EXERCISE INSTRUCTIONS: Images are to be excluded from the copy, and the records below reproduced word for word.

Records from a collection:
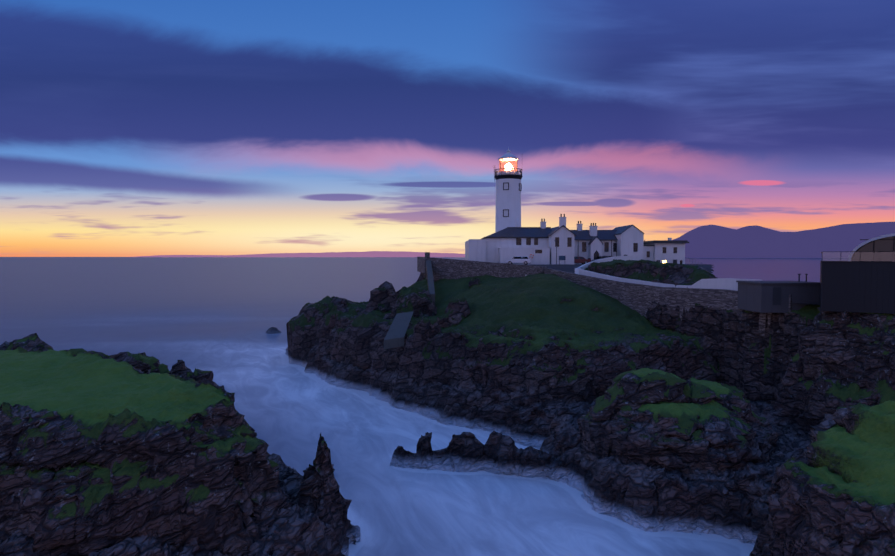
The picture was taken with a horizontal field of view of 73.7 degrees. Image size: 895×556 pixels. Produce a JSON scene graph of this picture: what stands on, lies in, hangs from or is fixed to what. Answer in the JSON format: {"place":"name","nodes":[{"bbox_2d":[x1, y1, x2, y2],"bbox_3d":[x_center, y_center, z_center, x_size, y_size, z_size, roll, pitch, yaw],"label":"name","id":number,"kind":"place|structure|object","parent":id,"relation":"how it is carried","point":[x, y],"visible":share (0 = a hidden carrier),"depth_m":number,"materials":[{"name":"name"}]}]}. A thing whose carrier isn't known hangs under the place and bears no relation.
{"place":"outdoors","nodes":[
{"label":"outdoors","id":0,"kind":"place"},
{"bbox_2d":[137,251,464,256],"bbox_3d":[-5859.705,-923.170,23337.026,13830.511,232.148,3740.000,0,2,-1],"label":"shore","id":1,"kind":"structure","parent":0,"point":[377,254],"depth_m":21736.39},
{"bbox_2d":[0,257,847,555],"bbox_3d":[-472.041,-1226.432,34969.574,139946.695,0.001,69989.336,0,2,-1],"label":"sea","id":2,"kind":"structure","parent":0,"point":[218,315],"depth_m":94.03,"materials":[{"name":"liquid"}]},
{"bbox_2d":[0,259,894,555],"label":"cliffs","id":3,"kind":"structure","parent":0,"point":[776,439],"depth_m":45.36,"materials":[{"name":"brown stone"}]},
{"bbox_2d":[493,147,522,232],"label":"lighthouse tower","id":4,"kind":"structure","parent":3,"relation":"on","point":[508,195],"depth_m":117.22,"materials":[{"name":"white paint"}]},
{"bbox_2d":[465,214,688,263],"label":"keepers houses","id":5,"kind":"structure","parent":3,"relation":"on","point":[536,245],"depth_m":107.64,"materials":[{"name":"white paint"}]},
{"bbox_2d":[384,252,791,348],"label":"stone boundary walls","id":6,"kind":"structure","parent":3,"relation":"on","point":[639,298],"depth_m":83.22,"materials":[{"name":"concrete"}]},
{"bbox_2d":[525,256,762,290],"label":"white road walls","id":7,"kind":"structure","parent":3,"relation":"on","point":[725,283],"depth_m":81.72,"materials":[{"name":"paint"}]},
{"bbox_2d":[736,274,819,312],"bbox_3d":[36.334,1.554,65.655,6.616,4.069,5.300,0,2,-1],"label":"concrete hut","id":8,"kind":"object","parent":3,"relation":"on","point":[765,296],"visible":0.92,"depth_m":63.19,"materials":[{"name":"grey concrete"}]},
{"bbox_2d":[820,233,894,313],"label":"building","id":9,"kind":"structure","parent":3,"relation":"on","point":[862,279],"depth_m":55.89,"materials":[{"name":"black"}]},
{"bbox_2d":[0,0,894,256],"label":"sky","id":10,"kind":"structure","parent":0,"point":[129,128],"materials":[{"name":"blue"}]},
{"bbox_2d":[505,264,819,304],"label":"yard","id":11,"kind":"structure","parent":0,"point":[570,268],"depth_m":98.50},
{"bbox_2d":[506,256,530,264],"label":"white hatchback car","id":12,"kind":"object","parent":11,"relation":"on","point":[525,260],"visible":0.88,"depth_m":101.03,"materials":[{"name":"white paint"}]},
{"bbox_2d":[574,257,590,263],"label":"car","id":13,"kind":"object","parent":11,"relation":"on","point":[582,260],"visible":0.54,"depth_m":105.56,"materials":[{"name":"red paint"}]},
{"bbox_2d":[591,256,612,260],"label":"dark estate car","id":14,"kind":"object","parent":11,"relation":"on","point":[599,257],"visible":0.17,"depth_m":107.14,"materials":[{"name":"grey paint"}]},
{"bbox_2d":[554,240,701,264],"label":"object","id":15,"kind":"object","parent":11,"relation":"on","point":[562,257],"visible":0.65,"depth_m":103.22,"materials":[{"name":"silver metal"}]},
{"bbox_2d":[673,222,894,257],"bbox_3d":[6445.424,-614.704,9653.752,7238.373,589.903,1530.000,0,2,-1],"label":"mountains","id":16,"kind":"structure","parent":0,"point":[717,241],"depth_m":8972.54,"materials":[{"name":"purple stone"}]}
]}

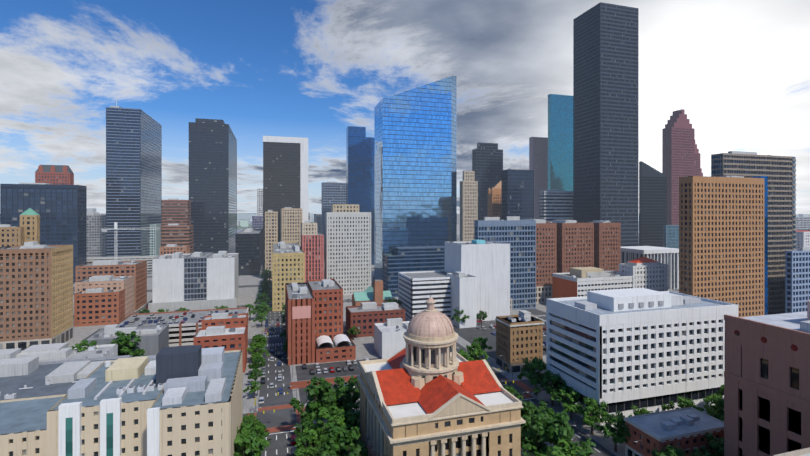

YOUR RESPONSE:
The picture was taken with a horizontal field of view of 73.7 degrees. Image size: 895×556 pixels. Produce a JSON scene graph of this picture: what stands on, lies in, hangs from or is fixed to what. Answer in the JSON format: {"place":"name","nodes":[{"bbox_2d":[x1, y1, x2, y2],"bbox_3d":[x_center, y_center, z_center, x_size, y_size, z_size, roll, pitch, yaw],"label":"name","id":number,"kind":"place|structure|object","parent":id,"relation":"how it is carried","point":[x, y],"visible":share (0 = a hidden carrier),"depth_m":number,"materials":[{"name":"name"}]}]}. A thing whose carrier isn't known hangs under the place and bears no relation.
{"place":"outdoors","nodes":[
{"label":"outdoors","id":0,"kind":"place"},
{"bbox_2d":[137,251,464,256],"bbox_3d":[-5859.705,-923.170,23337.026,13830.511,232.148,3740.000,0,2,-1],"label":"shore","id":1,"kind":"structure","parent":0,"point":[377,254],"depth_m":21736.39},
{"bbox_2d":[0,257,847,555],"bbox_3d":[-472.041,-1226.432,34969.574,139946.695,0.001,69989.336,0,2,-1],"label":"sea","id":2,"kind":"structure","parent":0,"point":[218,315],"depth_m":94.03,"materials":[{"name":"liquid"}]},
{"bbox_2d":[0,259,894,555],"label":"cliffs","id":3,"kind":"structure","parent":0,"point":[776,439],"depth_m":45.36,"materials":[{"name":"brown stone"}]},
{"bbox_2d":[493,147,522,232],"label":"lighthouse tower","id":4,"kind":"structure","parent":3,"relation":"on","point":[508,195],"depth_m":117.22,"materials":[{"name":"white paint"}]},
{"bbox_2d":[465,214,688,263],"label":"keepers houses","id":5,"kind":"structure","parent":3,"relation":"on","point":[536,245],"depth_m":107.64,"materials":[{"name":"white paint"}]},
{"bbox_2d":[384,252,791,348],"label":"stone boundary walls","id":6,"kind":"structure","parent":3,"relation":"on","point":[639,298],"depth_m":83.22,"materials":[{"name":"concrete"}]},
{"bbox_2d":[525,256,762,290],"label":"white road walls","id":7,"kind":"structure","parent":3,"relation":"on","point":[725,283],"depth_m":81.72,"materials":[{"name":"paint"}]},
{"bbox_2d":[736,274,819,312],"bbox_3d":[36.334,1.554,65.655,6.616,4.069,5.300,0,2,-1],"label":"concrete hut","id":8,"kind":"object","parent":3,"relation":"on","point":[765,296],"visible":0.92,"depth_m":63.19,"materials":[{"name":"grey concrete"}]},
{"bbox_2d":[820,233,894,313],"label":"building","id":9,"kind":"structure","parent":3,"relation":"on","point":[862,279],"depth_m":55.89,"materials":[{"name":"black"}]},
{"bbox_2d":[0,0,894,256],"label":"sky","id":10,"kind":"structure","parent":0,"point":[129,128],"materials":[{"name":"blue"}]},
{"bbox_2d":[505,264,819,304],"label":"yard","id":11,"kind":"structure","parent":0,"point":[570,268],"depth_m":98.50},
{"bbox_2d":[506,256,530,264],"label":"white hatchback car","id":12,"kind":"object","parent":11,"relation":"on","point":[525,260],"visible":0.88,"depth_m":101.03,"materials":[{"name":"white paint"}]},
{"bbox_2d":[574,257,590,263],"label":"car","id":13,"kind":"object","parent":11,"relation":"on","point":[582,260],"visible":0.54,"depth_m":105.56,"materials":[{"name":"red paint"}]},
{"bbox_2d":[591,256,612,260],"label":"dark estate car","id":14,"kind":"object","parent":11,"relation":"on","point":[599,257],"visible":0.17,"depth_m":107.14,"materials":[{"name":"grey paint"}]},
{"bbox_2d":[554,240,701,264],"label":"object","id":15,"kind":"object","parent":11,"relation":"on","point":[562,257],"visible":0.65,"depth_m":103.22,"materials":[{"name":"silver metal"}]},
{"bbox_2d":[673,222,894,257],"bbox_3d":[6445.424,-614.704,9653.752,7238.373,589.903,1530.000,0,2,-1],"label":"mountains","id":16,"kind":"structure","parent":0,"point":[717,241],"depth_m":8972.54,"materials":[{"name":"purple stone"}]}
]}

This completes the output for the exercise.